[RFC] [PR 68191] s390: Add -fsplit-stack support.

[Marcin KoÅcielnicki <koriakin at 0x04 dot net>]

Here's my attempt at adding -fsplit-stack support for s390 targets
(bug 68191).  Patches 1 and 2 fix s390-specific issues affecting split
stack code, and can be pushed independently of the main course.  Patches
3 and 4 attempt to fix target-independent issues involving unconditional
jumps with side effects (see below).  I'm not exactly sure I'm doing
the right thing in these, and I'd really welcome some feedback about
them and the general approach taken.  Patch 5 is split stack support
proper.  This patch should be used along with the matching glibc and
gold patches (I'll soon link them all in the bugzilla entry).

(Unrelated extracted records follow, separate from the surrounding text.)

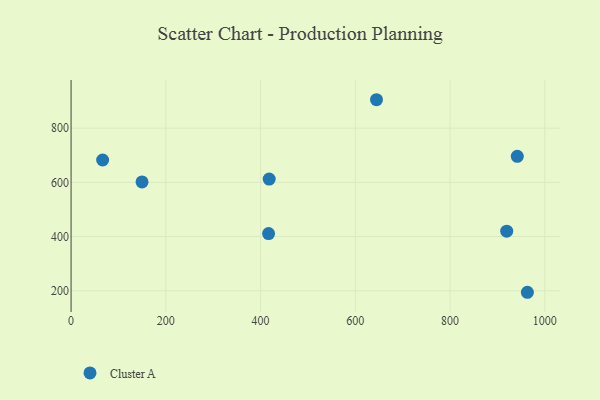
{"axis": {"x": "Ad Spend", "y": "Fuel Efficiency"}, "legend": ["Cluster A"], "data": [{"x": "644.7", "y": 904.7, "type": "Cluster A"}, {"x": "416.9", "y": 410.9, "type": "Cluster A"}, {"x": "919.6", "y": 419.8, "type": "Cluster A"}, {"x": "66.6", "y": 682.4, "type": "Cluster A"}, {"x": "149.8", "y": 601.7, "type": "Cluster A"}, {"x": "418.2", "y": 611.9, "type": "Cluster A"}, {"x": "941.9", "y": 695.8, "type": "Cluster A"}, {"x": "963.2", "y": 194.6, "type": "Cluster A"}]}
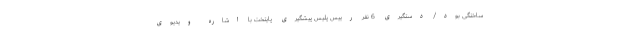
ساختگی بود/ دستگیری 6 نفر رییس پلیس پیشگیری پایتخت با اشاره ویدیوی
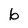
Character: 6

The generic approach is identical to x86: I add a new __private_ss
field to the TCB in glibc, add a target-specific __morestack function
and friends, emit a split-stack prologue, teach va_start to deal with
a dedicated vararg pointer, and teach gold to recognize the split-stack
prologue and handle non-split-stack calls by bumping the requested
frame size.

The differences start in the __morestack calling convention.  Basically,
since pushing things on stuck is unwieldy and there's only one free
register (%r0 could be used for static chain, %r2-%r6 contain arguments,
%r6-%r15 are callee-saved), I stuff the parameters somewhere in .rodata
or .text section, and pass the address of the parameter block in %r1.
The parameter block also contains a (position-relative) address that
__morestack should jump to (x86 just mangles the return address from
__morestack to compute that).  On zSeries CPUs, the parameter block
is stuffed somewhere in .rodata, its address loaded to %r1 by larl
instruction, and __morestack is sibling-called by jg instruction.
On older CPUs, lacking long jump and PC-relative load-address
instructions, I use the following sequence instead:

# load .L1 to %r1
basr %r1, 0 
.L1:
# Load __morestack to %r1
a %r1, .L2-.L1(%r1)
# Jump to __morestack and stuff return address (aka param block address)
# to %r1.
basr %r1, %r1
# param block comes here
.L3:
.long <frame_size>
.long <args_size>
.long .L4-.L3
# relative __morestack address here
.L2:
.long __morestack-.L1
.L4:
# __morestack jumps here

As on other targets, the call to __morestack is conditional, based
on comparing the stack pointer with a field in TCB.  For zSeries,
I just make the jump to __morestack a conditional one, while for
older CPUs I emit a jump over the sequence.  Also, for vararg
functions, I need to stuff the vararg pointer in some register. Since
%r1 is again the only one guaranteed to be free, it's the one used.
If __morestack is called, it'll leave the correct pointer in %r1.
Otherwise, I emit a simple load-address instruction.  Since I only
need that instruction in the not-called branch (as opposed to x86
that emits it on both branches), I get terser code.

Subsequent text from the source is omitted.